The year 2016 saw three different events that will define the broader contours of Indo-Pak relations in the 21st century. On Christmas day in 2015, also the birthday of Pakistan’s current prime minister, India’s Prime Minister Narendra Modi had made an unexpected visit to Lahore, raising hopes for improvement in relations and opening of a dialogue. Exactly a week after that, terrorists attacked India’s Pathankot airbase. Investigations by Indian authorities revealed a Pakistani connection and Pakistan’s government publicly agreed to cooperate with the investigation. In March 2016, Pakistan’s National Security Adviser called his Indian counterpart and alerted him about a possible attack during the Shivartari celebrations in Gujarat. As a result, security was beefed up and nothing untoward took place. In April of the same year, Pakistan arrested a suspected Indian spy from Balochistan. The arrest was presented as evidence of Indian meddling in Pakistan’s internal affairs and ended any hope of a dialogue with India.

In the last few years, India has started treading the path that Pakistan has taken since the beginning: a path of intolerance, jingoistic nationalism and a visceral hatred for secular values. Pakistan’s political class has lately been trying to change course but the immovable force known as the ‘establishment’ stands in the way. Without improvement of relations between the two countries, the future of South Asia is bleak.

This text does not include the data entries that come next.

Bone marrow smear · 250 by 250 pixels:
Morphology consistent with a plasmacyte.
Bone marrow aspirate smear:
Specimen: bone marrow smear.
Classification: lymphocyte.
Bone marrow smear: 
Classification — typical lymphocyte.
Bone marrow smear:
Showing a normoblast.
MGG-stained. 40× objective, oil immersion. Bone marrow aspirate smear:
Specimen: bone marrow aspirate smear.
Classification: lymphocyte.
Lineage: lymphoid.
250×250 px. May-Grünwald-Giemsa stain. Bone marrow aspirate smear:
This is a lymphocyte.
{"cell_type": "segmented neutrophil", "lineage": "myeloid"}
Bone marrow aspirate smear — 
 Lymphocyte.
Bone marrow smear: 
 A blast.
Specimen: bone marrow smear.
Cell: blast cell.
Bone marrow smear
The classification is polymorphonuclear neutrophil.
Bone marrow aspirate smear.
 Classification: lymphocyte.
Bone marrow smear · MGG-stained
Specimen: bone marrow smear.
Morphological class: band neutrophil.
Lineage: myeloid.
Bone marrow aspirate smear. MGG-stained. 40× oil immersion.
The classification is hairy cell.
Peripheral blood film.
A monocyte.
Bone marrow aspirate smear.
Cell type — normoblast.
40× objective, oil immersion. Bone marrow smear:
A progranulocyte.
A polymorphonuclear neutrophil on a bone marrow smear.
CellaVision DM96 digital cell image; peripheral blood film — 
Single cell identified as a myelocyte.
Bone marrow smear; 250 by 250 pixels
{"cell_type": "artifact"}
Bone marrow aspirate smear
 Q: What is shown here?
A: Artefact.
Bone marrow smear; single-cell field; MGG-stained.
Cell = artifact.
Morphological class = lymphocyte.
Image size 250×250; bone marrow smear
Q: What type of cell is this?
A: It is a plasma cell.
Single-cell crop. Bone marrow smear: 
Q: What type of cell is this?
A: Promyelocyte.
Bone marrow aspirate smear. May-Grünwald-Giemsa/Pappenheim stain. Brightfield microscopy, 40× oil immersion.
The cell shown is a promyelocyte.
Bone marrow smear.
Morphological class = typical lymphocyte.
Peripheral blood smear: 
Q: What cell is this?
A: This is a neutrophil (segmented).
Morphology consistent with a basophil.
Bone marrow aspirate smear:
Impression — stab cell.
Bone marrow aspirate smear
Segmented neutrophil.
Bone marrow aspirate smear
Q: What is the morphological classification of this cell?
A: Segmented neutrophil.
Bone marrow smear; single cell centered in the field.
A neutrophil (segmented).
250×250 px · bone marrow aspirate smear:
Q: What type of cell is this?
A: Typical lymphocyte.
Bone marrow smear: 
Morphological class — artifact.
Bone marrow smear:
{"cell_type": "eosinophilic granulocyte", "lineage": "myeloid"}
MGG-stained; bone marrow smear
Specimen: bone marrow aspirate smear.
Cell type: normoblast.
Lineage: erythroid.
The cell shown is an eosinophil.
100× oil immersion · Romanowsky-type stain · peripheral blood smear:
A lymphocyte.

Pakistan, communists and a stained dawn

Abdul Majeed Abid

Yeh fasal umeedon ki hamdam,

Iss baar bhi ghaarat jaye gi,

Sab mehnat subhon shaamon ki,

Ab kay bhi akaarat jaye gi

(This crop of aspirations

will be ruined once again,

the toil of day and night

will be wasted another time.)

(Faiz, Montgomery Jail, 1955)

The view from jail

The year 2007 was eventful in Pakistan’s recent history. Political upheaval coupled with a rise in terrorism and a lawyers’ movement for the restoration of the judiciary gripped the country for most of the year. Musharraf, the military dictator, had forcibly removed the Chief Justice of Pakistan — sparking a movement led by lawyers across the country. Amidst all this kerfuffle arose a new band called ‘Laal’ with their song ‘Umeed e Seher’ (Hope for a new Dawn). The song became a sort of anthem for the lawyers’ movement alongside slogans against military dictatorship. The song was based on a poem written by Pakistan’s foremost progressive poet Faiz Ahmed Faiz and the band consisted of young academics who openly declared themselves Marxists. One of the band members was the General Secretary of a Communist Party in Pakistan. A communist party in Pakistan? That seems like an oxymoron, does it not?